Why choose linux over NT for server?

Associate
Joined
21 May 2003
Posts
1,008
Hi. I've got an old computer (athlonxp 800mhz,512ram) and want to make it into a server. I'm gonna put 1 terrabyte of hard disks in there, and have it serve movies, music (through itunes) and maybe a printer to maximum 5 computers.

At first I thought linux. I'm quite happy using it but not good enough to say install gentoo without a lot of reading.

Then i thought why not just install windos NT on it? I know exactly how ot use it, I can't see there being much of a performance difference for my needs, and I know all the hardware etc will work with it easily.

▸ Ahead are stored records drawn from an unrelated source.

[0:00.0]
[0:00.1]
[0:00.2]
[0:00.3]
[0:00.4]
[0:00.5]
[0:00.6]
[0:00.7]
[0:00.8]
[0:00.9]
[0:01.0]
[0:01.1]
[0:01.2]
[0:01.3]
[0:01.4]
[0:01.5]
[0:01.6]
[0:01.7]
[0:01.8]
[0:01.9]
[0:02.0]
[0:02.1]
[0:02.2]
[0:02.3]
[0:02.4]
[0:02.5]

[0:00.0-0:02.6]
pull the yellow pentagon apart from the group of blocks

Is there anything you can think of why I should use Linux instead of windows?

One thing i'm not sure about is which windows is the latets NT one. is it still 2003 or is XP capable of doing it all?
 
Whatever works.

For my personal use, license costs would be the major issue, and having to reactivate whenever I change hardware (I've had to reactive Windows simply from adding a HD, before).

You can boot from Linux software RAID (unlike Windows Server 'dynamic disks' RAID) and it is also hardware transparent - replace the HD controllers/motherboard/HD's, and it doesn't care - unlike proprietry on-disk metadata formats used by hardware RAID cards.
 
well I won't actually be usign RAID. I have though about it and did end up buying two same model 250g hard disks but in the end I figured it's not important data so i'd rather have the space.

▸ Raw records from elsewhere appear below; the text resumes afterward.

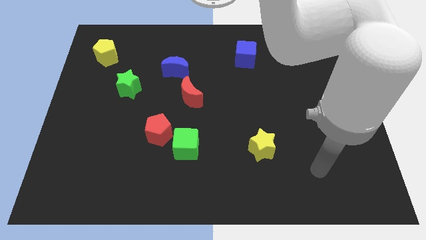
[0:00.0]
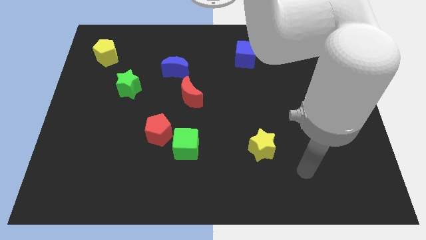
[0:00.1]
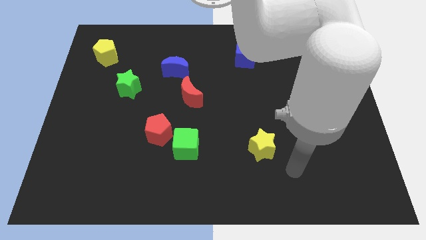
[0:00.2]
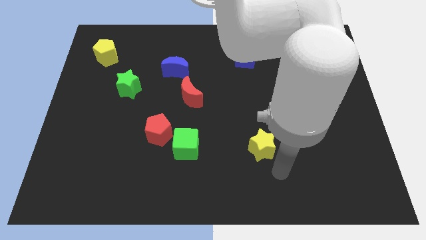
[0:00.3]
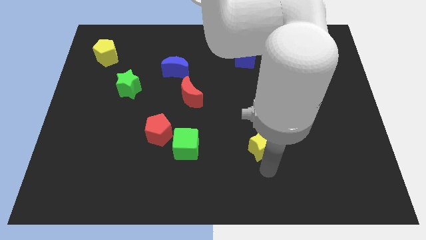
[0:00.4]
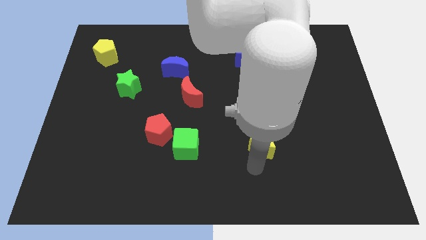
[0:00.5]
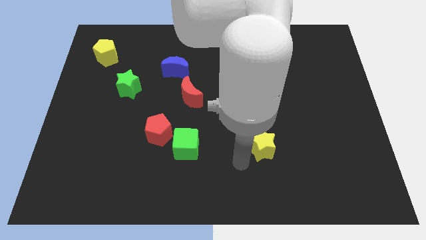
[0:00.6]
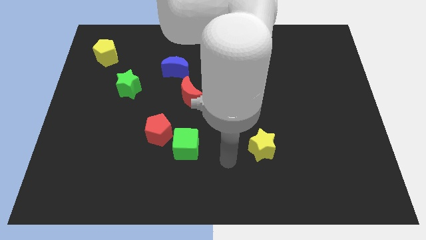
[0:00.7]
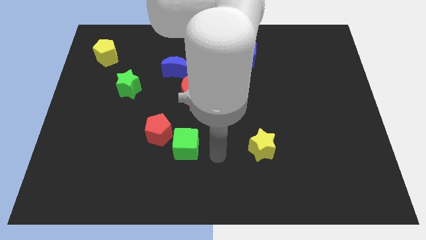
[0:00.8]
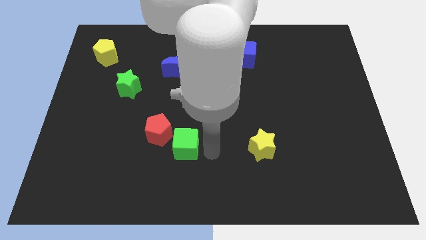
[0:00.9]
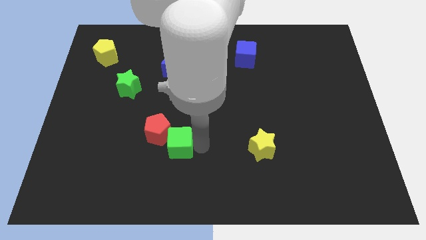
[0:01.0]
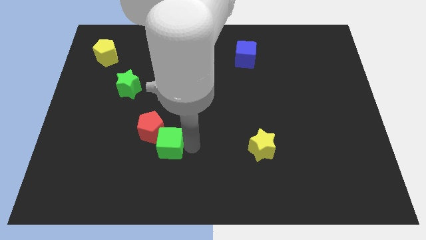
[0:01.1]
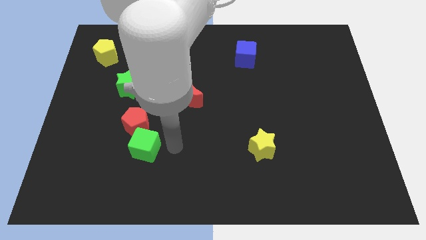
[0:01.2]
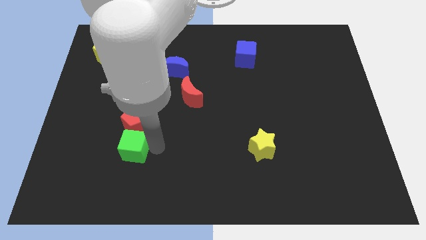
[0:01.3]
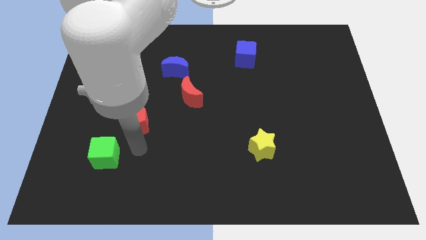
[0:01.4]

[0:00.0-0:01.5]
separate the red pentagon from the green cube

apart form raid and costs is that it?

somethign i was thinking of was spyware and viruses with windows but if i'm not browsig the internet and msn isn;'t installed then there shouldn't be a problem right? is there any way to actually disable internet access to that computer? it will be running through a netgear router.
 
Use a static IP with no default gateway set, it will have no route to the Internet, nor will it respond to any packets outside its subnet.
 
rudeboymcc said:
Then i thought why not just install windos NT on it? I know exactly how ot use it, I can't see there being much of a performance difference for my needs, and I know all the hardware etc will work with it easily.

Is there anything you can think of why I should use Linux instead of windows?

One thing i'm not sure about is which windows is the latets NT one. is it still 2003 or is XP capable of doing it all?


Depends one what you're trying to achieve. On old hardware like you're talking about I would NOT reccomend win2003 or XP; go with Win2k if you're chucking windows on it. The former are way too system resource intesive.

Linux wise for servers I'd reccomend Ubuntu at the moment, or possibly at the outside FreeBSD.

Of course it all comes down to exactly what you want to achieve with it.

Do you have direct access to the server regularly? How bothered are you by the prospect of having to reboot it?

IME working in a data centre with literally hundreds upon hundreds of servers running 24x7; its the Windows boxes that need the most number of reboots and work. One customer of ours came to visit the datacentre for the first time in over 3 years. In all that time he'd had a Linux server up and running away happily, 24x7x365. The only reason he had to turn up was because the server had had a hardware failure.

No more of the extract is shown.